In terms of accounting, the main problem is that calculating embedded carbon within a good is not such a simple process. Streamlining carbon costs along the entire value chain – in a way that aligns with EU regulation – will be costly for foreign firms who already lack financial capital. Again, the accumulation of production costs, the import tax, and the calculation of embedded carbon might just deter firms from the European market. A cement industry representative has suggested that these costs might push firms to adjust their own pricing, with ripple effects throughout the supply chain, including price hikes for secondary buyers and even consumers.

Next Steps
The European Commission is preparing the deployment of its methodology in the lead-up to COP26, an opportune moment to internationalise the carbon pricing debate. The CBAM symbolises the need for a uniform emissions accountability around the world. Decarbonisation of one region makes no sense if it is entirely counterbalanced by booming emissions elsewhere. Accounting for carbon at the border of the world’s second-largest consumer market is an important step in reducing the incompatibility between a European Green Deal and burden-shifting norms, between the ETS and pollution havens. Brussels should focus on getting the United States on board, as President Biden is favourable both to a transatlantic green trade agenda and to an American quota system for imports. This would grant the CBAM some much needed political weight.

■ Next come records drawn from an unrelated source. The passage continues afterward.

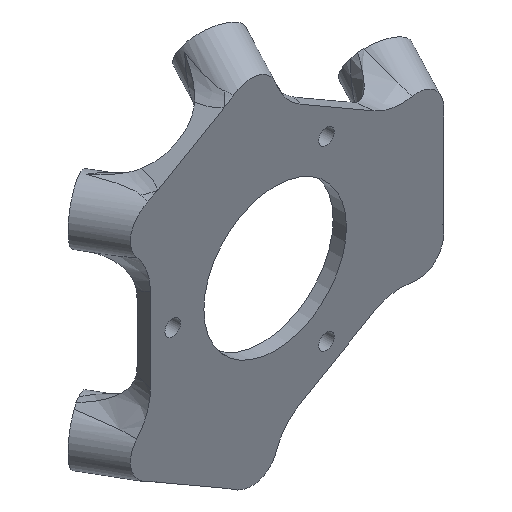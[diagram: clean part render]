
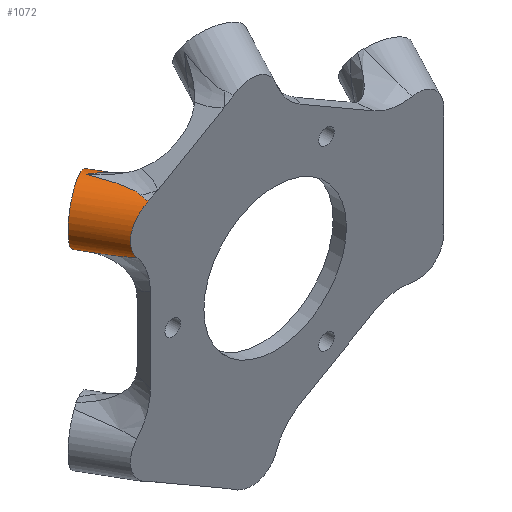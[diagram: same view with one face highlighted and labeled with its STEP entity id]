
A CAD part, isometric view. The second image highlights one B-rep face of the part: STEP entity #1072.
In plain terms, the highlighted cylindrical face has radius 6.5 mm (diameter 13 mm), a partial arc.
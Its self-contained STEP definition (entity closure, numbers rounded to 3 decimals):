
#39=B_SPLINE_CURVE_WITH_KNOTS('',3,(#2023,#2024,#2025,#2026),
 .UNSPECIFIED.,.F.,.F.,(4,4),(0.225,0.572),
 .UNSPECIFIED.);
#40=B_SPLINE_CURVE_WITH_KNOTS('',3,(#2030,#2031,#2032,#2033),
 .UNSPECIFIED.,.F.,.F.,(4,4),(-1.137,-0.799),
 .UNSPECIFIED.);
#41=B_SPLINE_CURVE_WITH_KNOTS('',3,(#2039,#2040,#2041,#2042,#2043),
 .UNSPECIFIED.,.F.,.F.,(4,1,4),(0.,0.15,0.26),
 .UNSPECIFIED.);
#111=CYLINDRICAL_SURFACE('',#1170,6.5);
#145=CIRCLE('',#1171,6.5);
#178=FACE_OUTER_BOUND('',#241,.T.);
#241=EDGE_LOOP('',(#770,#771,#772,#773,#774,#775,#776,#777));
#369=ELLIPSE('',#1169,11.06,6.5);
#370=ELLIPSE('',#1172,29.309,6.5);
#371=ELLIPSE('',#1173,7.506,6.5);
#372=ELLIPSE('',#1174,64.234,6.5);
#443=VERTEX_POINT('',#1997);
#444=VERTEX_POINT('',#2002);
#446=VERTEX_POINT('',#2022);
#447=VERTEX_POINT('',#2027);
#448=VERTEX_POINT('',#2029);
#449=VERTEX_POINT('',#2034);
#450=VERTEX_POINT('',#2036);
#451=VERTEX_POINT('',#2038);
#576=EDGE_CURVE('',#443,#444,#369,.T.);
#579=EDGE_CURVE('',#446,#444,#39,.T.);
#580=EDGE_CURVE('',#447,#443,#145,.T.);
#581=EDGE_CURVE('',#447,#448,#40,.T.);
#582=EDGE_CURVE('',#449,#448,#370,.T.);
#583=EDGE_CURVE('',#449,#450,#371,.T.);
#584=EDGE_CURVE('',#451,#450,#41,.T.);
#585=EDGE_CURVE('',#446,#451,#372,.T.);
#770=ORIENTED_EDGE('',*,*,#579,.T.);
#771=ORIENTED_EDGE('',*,*,#576,.F.);
#772=ORIENTED_EDGE('',*,*,#580,.F.);
#773=ORIENTED_EDGE('',*,*,#581,.T.);
#774=ORIENTED_EDGE('',*,*,#582,.F.);
#775=ORIENTED_EDGE('',*,*,#583,.T.);
#776=ORIENTED_EDGE('',*,*,#584,.F.);
#777=ORIENTED_EDGE('',*,*,#585,.F.);
#1072=ADVANCED_FACE('',(#178),#111,.T.);
#1169=AXIS2_PLACEMENT_3D('',#2003,#1330,#1331);
#1170=AXIS2_PLACEMENT_3D('',#2021,#1332,#1333);
#1171=AXIS2_PLACEMENT_3D('',#2028,#1334,#1335);
#1172=AXIS2_PLACEMENT_3D('',#2035,#1336,#1337);
#1173=AXIS2_PLACEMENT_3D('',#2037,#1338,#1339);
#1174=AXIS2_PLACEMENT_3D('',#2044,#1340,#1341);
#1330=DIRECTION('center_axis',(-0.407,-0.913,0.));
#1331=DIRECTION('ref_axis',(0.913,-0.407,0.));
#1332=DIRECTION('center_axis',(-0.5,0.866,0.));
#1333=DIRECTION('ref_axis',(0.193,0.111,0.975));
#1334=DIRECTION('center_axis',(-0.5,0.866,0.));
#1335=DIRECTION('ref_axis',(0.,0.,1.));
#1336=DIRECTION('center_axis',(0.955,0.295,0.));
#1337=DIRECTION('ref_axis',(0.295,-0.955,0.));
#1338=DIRECTION('center_axis',(0.,1.,0.));
#1339=DIRECTION('ref_axis',(1.,0.,0.));
#1340=DIRECTION('center_axis',(0.436,0.135,-0.89));
#1341=DIRECTION('ref_axis',(0.458,-0.884,0.091));
#1997=CARTESIAN_POINT('',(-32.09,12.072,15.001));
#2002=CARTESIAN_POINT('',(-30.84,11.515,27.962));
#2003=CARTESIAN_POINT('Origin',(-31.928,12.,21.5));
#2021=CARTESIAN_POINT('Origin',(-25.,0.,21.5));
#2022=CARTESIAN_POINT('',(-28.504,3.,27.816));
#2023=CARTESIAN_POINT('Ctrl Pts',(-28.506,3.001,27.816));
#2024=CARTESIAN_POINT('Ctrl Pts',(-28.7,4.796,27.992));
#2025=CARTESIAN_POINT('Ctrl Pts',(-29.49,7.685,28.043));
#2026=CARTESIAN_POINT('Ctrl Pts',(-30.84,11.515,27.962));
#2027=CARTESIAN_POINT('',(-34.364,10.76,15.601));
#2028=CARTESIAN_POINT('Origin',(-32.,12.124,21.5));
#2029=CARTESIAN_POINT('',(-31.964,3.,16.839));
#2030=CARTESIAN_POINT('Ctrl Pts',(-34.364,10.76,15.601));
#2031=CARTESIAN_POINT('Ctrl Pts',(-33.478,7.897,15.909));
#2032=CARTESIAN_POINT('Ctrl Pts',(-32.664,5.264,16.33));
#2033=CARTESIAN_POINT('Ctrl Pts',(-31.964,3.001,16.84));
#2034=CARTESIAN_POINT('',(-31.036,0.,17.636));
#2035=CARTESIAN_POINT('Origin',(-38.,22.517,21.5));
#2036=CARTESIAN_POINT('',(-28.397,0.,27.296));
#2037=CARTESIAN_POINT('Origin',(-25.,0.,21.5));
#2038=CARTESIAN_POINT('',(-28.493,1.681,27.622));
#2039=CARTESIAN_POINT('Ctrl Pts',(-28.493,1.681,27.622));
#2040=CARTESIAN_POINT('Ctrl Pts',(-28.533,1.414,27.562));
#2041=CARTESIAN_POINT('Ctrl Pts',(-28.584,0.924,27.445));
#2042=CARTESIAN_POINT('Ctrl Pts',(-28.513,0.315,27.325));
#2043=CARTESIAN_POINT('Ctrl Pts',(-28.397,0.,
27.296));
#2044=CARTESIAN_POINT('Origin',(-58.32,57.712,21.5));
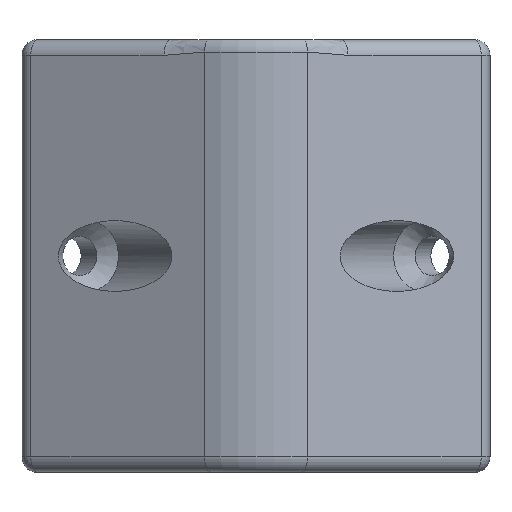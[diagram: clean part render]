
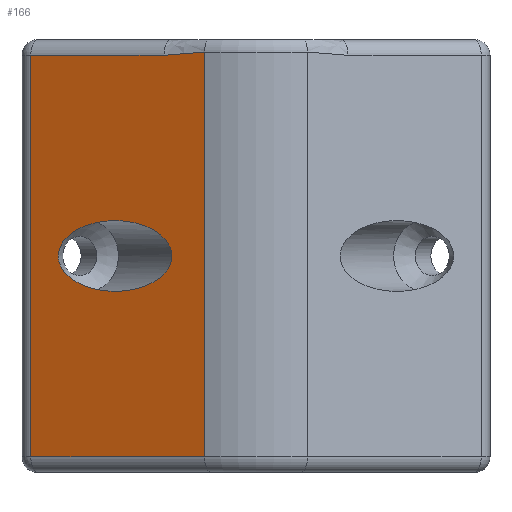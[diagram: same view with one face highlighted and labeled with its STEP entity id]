
A CAD part, front view. The second image highlights one B-rep face of the part: STEP entity #166.
In plain terms, the highlighted planar face has unit normal (-0.436, -0.9, 0).
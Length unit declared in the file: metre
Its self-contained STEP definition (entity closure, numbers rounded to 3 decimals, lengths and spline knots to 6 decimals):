
#166 = ADVANCED_FACE( '', ( #340, #341 ), #342, .F. );
#340 = FACE_BOUND( '', #780, .T. );
#341 = FACE_OUTER_BOUND( '', #781, .T. );
#342 = PLANE( '', #782 );
#780 = EDGE_LOOP( '', ( #1244 ) );
#781 = EDGE_LOOP( '', ( #1245, #1246, #1247, #1248, #1249 ) );
#782 = AXIS2_PLACEMENT_3D( '', #1250, #1251, #1252 );
#1244 = ORIENTED_EDGE( '', *, *, #1429, .T. );
#1245 = ORIENTED_EDGE( '', *, *, #1350, .F. );
#1246 = ORIENTED_EDGE( '', *, *, #1397, .T. );
#1247 = ORIENTED_EDGE( '', *, *, #1360, .T. );
#1248 = ORIENTED_EDGE( '', *, *, #1433, .T. );
#1249 = ORIENTED_EDGE( '', *, *, #1295, .T. );
#1250 = CARTESIAN_POINT( '', ( -0.017575, -0.008149, 0.055002 ) );
#1251 = DIRECTION( '', ( 0.436, 0.9, 0. ) );
#1252 = DIRECTION( '', ( -0.9, 0.436, 0. ) );
#1295 = EDGE_CURVE( '', #1460, #1457, #1461, .T. );
#1350 = EDGE_CURVE( '', #1549, #1457, #1551, .T. );
#1360 = EDGE_CURVE( '', #1560, #1450, #1564, .F. );
#1397 = EDGE_CURVE( '', #1549, #1560, #1611, .T. );
#1429 = EDGE_CURVE( '', #1649, #1649, #1650, .T. );
#1433 = EDGE_CURVE( '', #1450, #1460, #1654, .T. );
#1450 = VERTEX_POINT( '', #1673 );
#1457 = VERTEX_POINT( '', #1680 );
#1460 = VERTEX_POINT( '', #1683 );
#1461 = LINE( '', #1684, #1685 );
#1549 = VERTEX_POINT( '', #1812 );
#1551 = LINE( '', #1814, #1815 );
#1560 = VERTEX_POINT( '', #1826 );
#1564 = LINE( '', #1831, #1832 );
#1611 = B_SPLINE_CURVE_WITH_KNOTS( '', 3, ( #1907, #1908, #1909, #1910, #1911, #1912, #1913, #1914, #1915, #1916, #1917, #1918, #1919, #1920, #1921, #1922, #1923, #1924, #1925, #1926, #1927, #1928, #1929 ), .UNSPECIFIED., .F., .F., ( 4, 1, 1, 1, 2, 2, 2, 2, 2, 2, 2, 1, 1, 4 ), ( 0., 0.000358, 0.000716, 0.001074, 0.001431, 0.002147, 0.002863, 0.003579, 0.004294, 0.004473, 0.004652, 0.00501, 0.005368, 0.005726 ), .UNSPECIFIED. );
#1649 = VERTEX_POINT( '', #2022 );
#1650 = ELLIPSE( '', #2023, 0.00802, 0.0045 );
#1654 = LINE( '', #2028, #2029 );
#1673 = CARTESIAN_POINT( '', ( -0.028606, -0.0028, 0.053 ) );
#1680 = CARTESIAN_POINT( '', ( -0.006544, -0.013497, 0.002 ) );
#1683 = CARTESIAN_POINT( '', ( -0.028606, -0.0028, 0.002 ) );
#1684 = CARTESIAN_POINT( '', ( -0.017575, -0.008149, 0.002 ) );
#1685 = VECTOR( '', #2056, 1. );
#1812 = CARTESIAN_POINT( '', ( -0.006544, -0.013497, 0.0534 ) );
#1814 = CARTESIAN_POINT( '', ( -0.006544, -0.013497, 0.055002 ) );
#1815 = VECTOR( '', #2144, 1. );
#1826 = CARTESIAN_POINT( '', ( -0.011685, -0.011005, 0.053 ) );
#1831 = CARTESIAN_POINT( '', ( -0.028606, -0.0028, 0.053 ) );
#1832 = VECTOR( '', #2157, 1. );
#1907 = CARTESIAN_POINT( '', ( -0.006544, -0.013497, 0.0534 ) );
#1908 = CARTESIAN_POINT( '', ( -0.006652, -0.013445, 0.0534 ) );
#1909 = CARTESIAN_POINT( '', ( -0.006867, -0.013341, 0.053398 ) );
#1910 = CARTESIAN_POINT( '', ( -0.007189, -0.013185, 0.053387 ) );
#1911 = CARTESIAN_POINT( '', ( -0.00751, -0.013029, 0.053369 ) );
#1912 = CARTESIAN_POINT( '', ( -0.007724, -0.012925, 0.053353 ) );
#1913 = CARTESIAN_POINT( '', ( -0.008046, -0.012769, 0.053326 ) );
#1914 = CARTESIAN_POINT( '', ( -0.00826, -0.012665, 0.053305 ) );
#1915 = CARTESIAN_POINT( '', ( -0.008687, -0.012458, 0.053259 ) );
#1916 = CARTESIAN_POINT( '', ( -0.008901, -0.012354, 0.053234 ) );
#1917 = CARTESIAN_POINT( '', ( -0.009328, -0.012147, 0.053184 ) );
#1918 = CARTESIAN_POINT( '', ( -0.009542, -0.012044, 0.053158 ) );
#1919 = CARTESIAN_POINT( '', ( -0.009969, -0.011836, 0.053109 ) );
#1920 = CARTESIAN_POINT( '', ( -0.010183, -0.011733, 0.053087 ) );
#1921 = CARTESIAN_POINT( '', ( -0.010451, -0.011603, 0.053062 ) );
#1922 = CARTESIAN_POINT( '', ( -0.010505, -0.011577, 0.053057 ) );
#1923 = CARTESIAN_POINT( '', ( -0.010612, -0.011525, 0.053048 ) );
#1924 = CARTESIAN_POINT( '', ( -0.010665, -0.011499, 0.053044 ) );
#1925 = CARTESIAN_POINT( '', ( -0.010826, -0.011421, 0.053032 ) );
#1926 = CARTESIAN_POINT( '', ( -0.011041, -0.011317, 0.053017 ) );
#1927 = CARTESIAN_POINT( '', ( -0.011363, -0.011161, 0.053003 ) );
#1928 = CARTESIAN_POINT( '', ( -0.011577, -0.011057, 0.053 ) );
#1929 = CARTESIAN_POINT( '', ( -0.011685, -0.011005, 0.053 ) );
#2022 = CARTESIAN_POINT( '', ( -0.02512, -0.00449, 0.0275 ) );
#2023 = AXIS2_PLACEMENT_3D( '', #2245, #2246, #2247 );
#2028 = CARTESIAN_POINT( '', ( -0.028606, -0.0028, 0.055002 ) );
#2029 = VECTOR( '', #2249, 1. );
#2056 = DIRECTION( '', ( 0.9, -0.436, 0. ) );
#2144 = DIRECTION( '', ( 0., 0., -1. ) );
#2157 = DIRECTION( '', ( 0.9, -0.436, 0. ) );
#2245 = CARTESIAN_POINT( '', ( -0.017904, -0.007989, 0.0275 ) );
#2246 = DIRECTION( '', ( 0.436, 0.9, 0. ) );
#2247 = DIRECTION( '', ( -0.9, 0.436, 0. ) );
#2249 = DIRECTION( '', ( 0., 0., -1. ) );

Finally, the EU must decide where funds received will go. Former WTO DG Pascal Lamy emphasises the money should not serve as fiscal repayment for Next Generation EU (€750 billion loan) but should rather be steered towards sustainable investment through a climate bank. A European CBAM will set the stage for multilateral carbon pricing and green trade policies in the decade to come; it must be robust, impactful, inclusice, all while steering clear from protectionist undertones.